Das AG hat den Betroffenen wegen Missachtung des Rotlichts einer Lichtzeichenanlage, wobei die Rotphase bereits länger als eine Sekunde andauerte, zu einer Geldbuße vrurteitl und verhängte gegen ihn ein Fahrverbot für die Dauer eines Monats. Tatörtlichkeit war nach den Feststellungen des AG eine Straße, welche aufgrund von Bauarbeiten nur auf einem Fahrstreifen für beide Richtungen befahrbar war. Der Verkehr wurde mit einer Baustellenampelanlage geregelt. Bei der Lichtzeichenanlage handelte es sich um eine Baustellenampel mit dazugehöriger „Countdown-Uhr“. Der Betroffene hielt zunächst auf Höhe der Hausnummer 26 als erstes Fahrzeug in der Warteschlange an der rot zeigenden Ampel an. Sodann fuhr der Betroffene über die Ampel, obwohl die Rotphase (Gesamtdauer 2-10 Minuten) noch 6 Sekunden Rotlicht anzeigte.

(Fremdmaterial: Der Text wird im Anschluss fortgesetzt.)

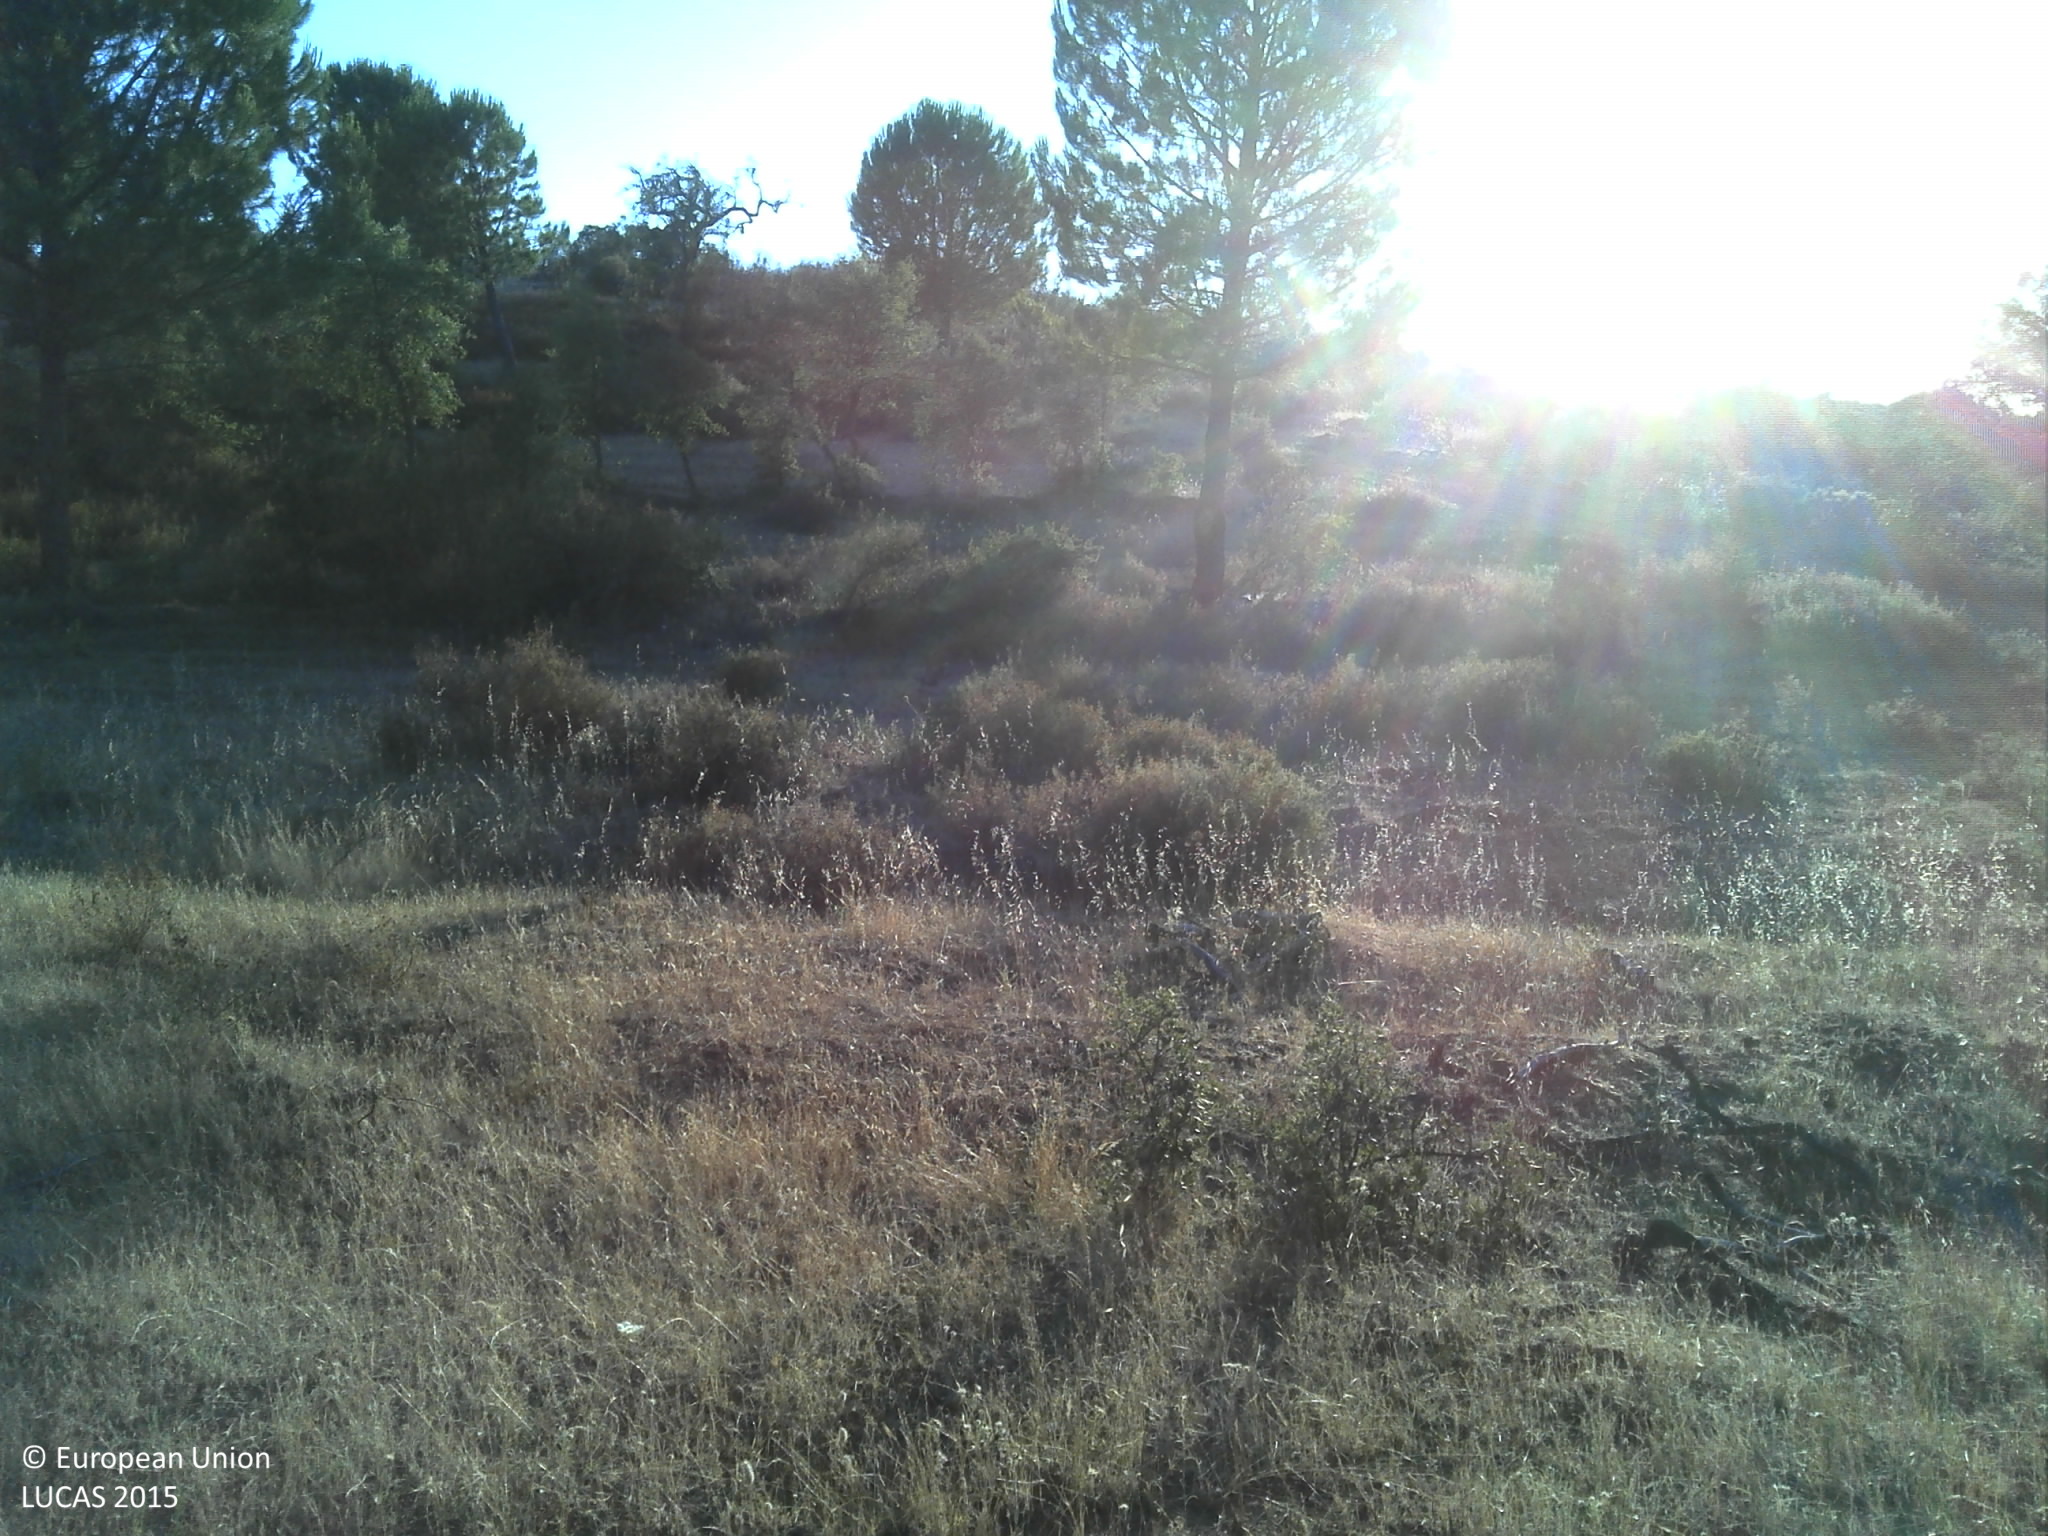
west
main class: Woodland
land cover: Other mixed woodland
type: broadleaved evergreen forest
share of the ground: 50 - 75 %
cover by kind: broadleaved forest trees 50 %, coniferous forest trees 35 %, herbaceous plants 15 %
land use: Forestry
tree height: > 5 m
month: June
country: PT
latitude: 38.0722
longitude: -7.1924
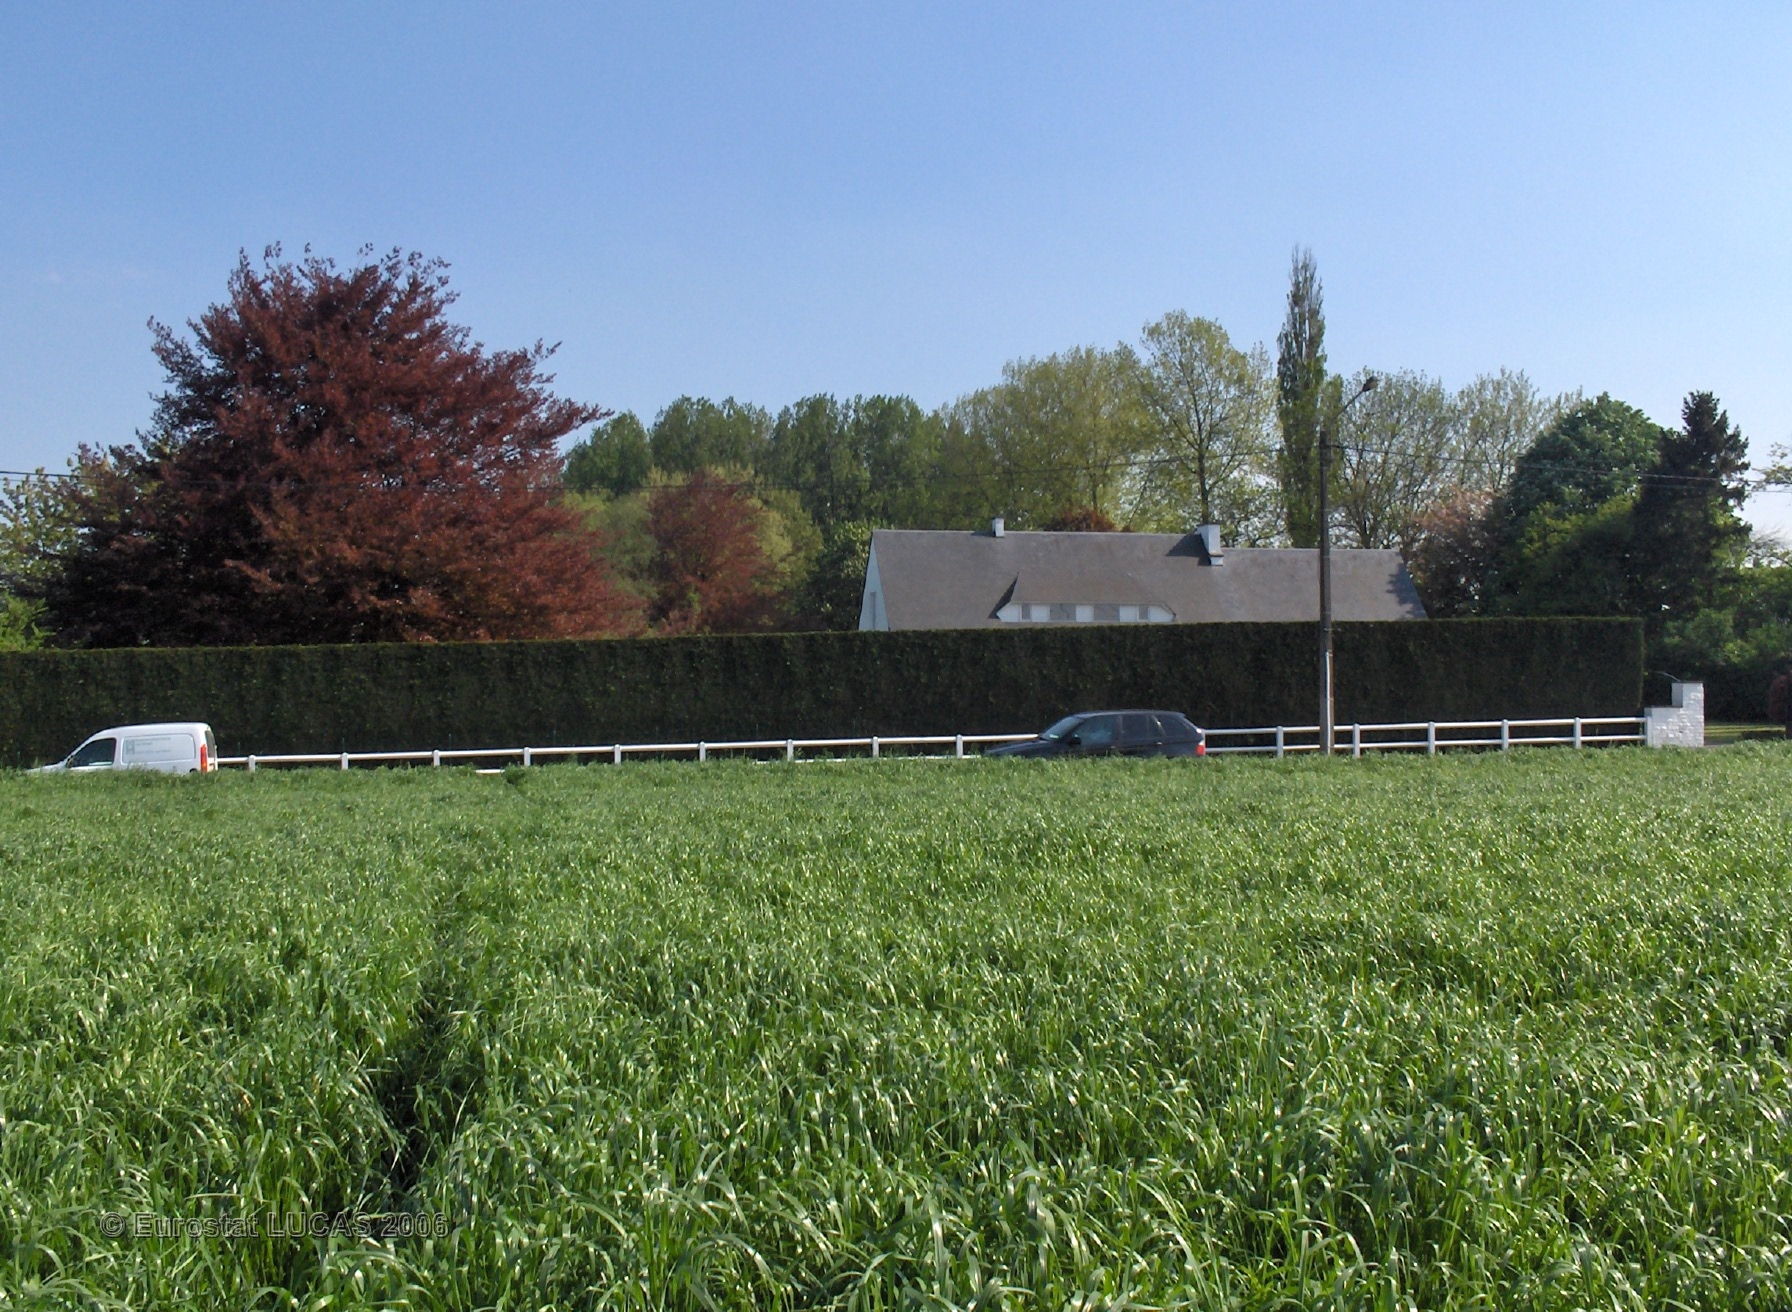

Dagegen die Rechtsbeschwerde des Betroffenen, die im Rechtsfolgenausspruch Erfolg hatte:

„2. Indes begegnet der Rechtsfolgenausspruch durchgreifenden rechtlichen Bedenken, soweit das Amtsgericht für die festgestellte Missachtung des Rotlichts einer Baustellenampel bei einer schon länger als eine Sekunde andauernden Rotlichtphase die nach §§ 25 Abs. 1 Satz 1 1. Alt., 26a Abs. 1 Nr  3, Abs. 2 StVG i.V.m. §§ 1,3,4 Abs. 1 Satz 1 Nr. 3 BKatV (2013) i.V.m. lfd.Nr. 132.3 BKat vorgesehene Regelahndung einer Geldbuße von 200 Euro sowie eines einmonatigen Fahrverbotes zur Anwendung gebracht hat. Jedenfalls die bisher getroffenen Feststellungen sind lückenhaft und rechtfertigen nicht die Annahme eines Regelfalles nach lfd.Nr.132.3 BKat.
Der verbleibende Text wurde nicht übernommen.